» EXERCISE AIM
Instruction for the listing below: copy exactly, and only, the lines from the one holding "Transcribe the Devanagari" through its last line, omitting any picture.

» SOURCE DATA

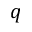
q
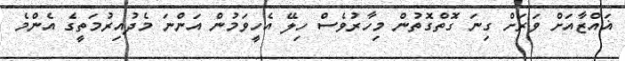
ޣައްޒާއަށް ވަރަށް ގިނަ ގޮތްގޮތުން މިހާރުވެސް ހިލޭ އެހީވަމުން އަންނަ މެދުއިރުމަތީގެ އެންމެ
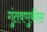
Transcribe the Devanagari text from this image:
गुंतवणुकीस
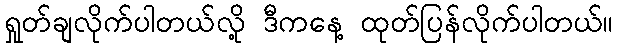
ရှုတ်ချလိုက်ပါတယ်လို့ ဒီကနေ့ ထုတ်ပြန်လိုက်ပါတယ်။
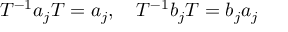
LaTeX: T ^ { - 1 } a _ { j } T = a _ { j } , \quad T ^ { - 1 } b _ { j } T = b _ { j } a _ { j }
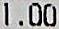
1.00

» OUTPUT
Transcribe the Devanagari text from this image:
गुंतवणुकीस
ရှုတ်ချလိုက်ပါတယ်လို့ ဒီကနေ့ ထုတ်ပြန်လိုက်ပါတယ်။
LaTeX: T ^ { - 1 } a _ { j } T = a _ { j } , \quad T ^ { - 1 } b _ { j } T = b _ { j } a _ { j }
1.00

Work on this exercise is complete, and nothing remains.